Task goal: Once the line containing "בחוץ, כדי לספק" is found in the entries below, restate it and each following line word for word, stopping after the line containing "emissione di anidride".
########
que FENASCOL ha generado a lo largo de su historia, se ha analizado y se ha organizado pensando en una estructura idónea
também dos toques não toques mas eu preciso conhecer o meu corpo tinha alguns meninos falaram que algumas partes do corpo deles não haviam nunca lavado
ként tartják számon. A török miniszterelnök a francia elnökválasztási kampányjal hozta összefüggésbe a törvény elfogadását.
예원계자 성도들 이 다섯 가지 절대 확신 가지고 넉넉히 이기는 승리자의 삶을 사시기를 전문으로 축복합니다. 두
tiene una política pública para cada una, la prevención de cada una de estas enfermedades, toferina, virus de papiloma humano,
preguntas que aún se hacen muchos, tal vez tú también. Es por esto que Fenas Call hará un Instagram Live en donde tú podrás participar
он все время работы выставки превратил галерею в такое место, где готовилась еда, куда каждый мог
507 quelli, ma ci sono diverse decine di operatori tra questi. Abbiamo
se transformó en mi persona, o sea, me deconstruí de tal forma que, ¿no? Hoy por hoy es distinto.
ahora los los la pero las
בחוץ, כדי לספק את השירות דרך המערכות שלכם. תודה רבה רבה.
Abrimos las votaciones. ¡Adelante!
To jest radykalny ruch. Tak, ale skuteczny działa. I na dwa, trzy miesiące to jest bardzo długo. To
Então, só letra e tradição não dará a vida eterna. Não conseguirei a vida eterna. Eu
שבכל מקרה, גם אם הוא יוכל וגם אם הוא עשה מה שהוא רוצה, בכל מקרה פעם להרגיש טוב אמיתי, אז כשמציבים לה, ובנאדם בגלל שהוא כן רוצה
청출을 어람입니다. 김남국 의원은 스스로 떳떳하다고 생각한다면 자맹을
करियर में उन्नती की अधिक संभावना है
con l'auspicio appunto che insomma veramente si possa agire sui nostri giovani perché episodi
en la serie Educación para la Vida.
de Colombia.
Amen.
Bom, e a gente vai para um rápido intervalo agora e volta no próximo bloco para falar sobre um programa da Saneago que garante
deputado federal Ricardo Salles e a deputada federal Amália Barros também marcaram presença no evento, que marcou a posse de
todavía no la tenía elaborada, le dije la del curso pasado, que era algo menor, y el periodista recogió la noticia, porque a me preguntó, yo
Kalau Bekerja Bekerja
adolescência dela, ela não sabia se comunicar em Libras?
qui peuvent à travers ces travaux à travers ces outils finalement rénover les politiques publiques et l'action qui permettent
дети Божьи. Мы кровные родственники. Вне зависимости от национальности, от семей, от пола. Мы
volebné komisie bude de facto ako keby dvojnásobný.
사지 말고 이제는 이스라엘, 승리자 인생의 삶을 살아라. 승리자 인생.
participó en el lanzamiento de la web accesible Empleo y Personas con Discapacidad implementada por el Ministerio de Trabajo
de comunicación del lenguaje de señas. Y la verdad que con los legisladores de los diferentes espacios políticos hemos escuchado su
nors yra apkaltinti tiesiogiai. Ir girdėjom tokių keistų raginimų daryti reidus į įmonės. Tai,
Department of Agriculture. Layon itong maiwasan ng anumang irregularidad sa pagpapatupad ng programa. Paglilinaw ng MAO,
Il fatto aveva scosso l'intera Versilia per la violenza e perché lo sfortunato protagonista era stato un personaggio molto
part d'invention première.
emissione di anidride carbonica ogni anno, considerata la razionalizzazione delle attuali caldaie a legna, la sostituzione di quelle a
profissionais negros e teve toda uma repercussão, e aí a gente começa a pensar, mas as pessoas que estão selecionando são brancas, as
########
Output below:
בחוץ, כדי לספק את השירות דרך המערכות שלכם. תודה רבה רבה.
Abrimos las votaciones. ¡Adelante!
To jest radykalny ruch. Tak, ale skuteczny działa. I na dwa, trzy miesiące to jest bardzo długo. To
Então, só letra e tradição não dará a vida eterna. Não conseguirei a vida eterna. Eu
שבכל מקרה, גם אם הוא יוכל וגם אם הוא עשה מה שהוא רוצה, בכל מקרה פעם להרגיש טוב אמיתי, אז כשמציבים לה, ובנאדם בגלל שהוא כן רוצה
청출을 어람입니다. 김남국 의원은 스스로 떳떳하다고 생각한다면 자맹을
करियर में उन्नती की अधिक संभावना है
con l'auspicio appunto che insomma veramente si possa agire sui nostri giovani perché episodi
en la serie Educación para la Vida.
de Colombia.
Amen.
Bom, e a gente vai para um rápido intervalo agora e volta no próximo bloco para falar sobre um programa da Saneago que garante
deputado federal Ricardo Salles e a deputada federal Amália Barros também marcaram presença no evento, que marcou a posse de
todavía no la tenía elaborada, le dije la del curso pasado, que era algo menor, y el periodista recogió la noticia, porque a me preguntó, yo
Kalau Bekerja Bekerja
adolescência dela, ela não sabia se comunicar em Libras?
qui peuvent à travers ces travaux à travers ces outils finalement rénover les politiques publiques et l'action qui permettent
дети Божьи. Мы кровные родственники. Вне зависимости от национальности, от семей, от пола. Мы
volebné komisie bude de facto ako keby dvojnásobný.
사지 말고 이제는 이스라엘, 승리자 인생의 삶을 살아라. 승리자 인생.
participó en el lanzamiento de la web accesible Empleo y Personas con Discapacidad implementada por el Ministerio de Trabajo
de comunicación del lenguaje de señas. Y la verdad que con los legisladores de los diferentes espacios políticos hemos escuchado su
nors yra apkaltinti tiesiogiai. Ir girdėjom tokių keistų raginimų daryti reidus į įmonės. Tai,
Department of Agriculture. Layon itong maiwasan ng anumang irregularidad sa pagpapatupad ng programa. Paglilinaw ng MAO,
Il fatto aveva scosso l'intera Versilia per la violenza e perché lo sfortunato protagonista era stato un personaggio molto
part d'invention première.
emissione di anidride carbonica ogni anno, considerata la razionalizzazione delle attuali caldaie a legna, la sostituzione di quelle a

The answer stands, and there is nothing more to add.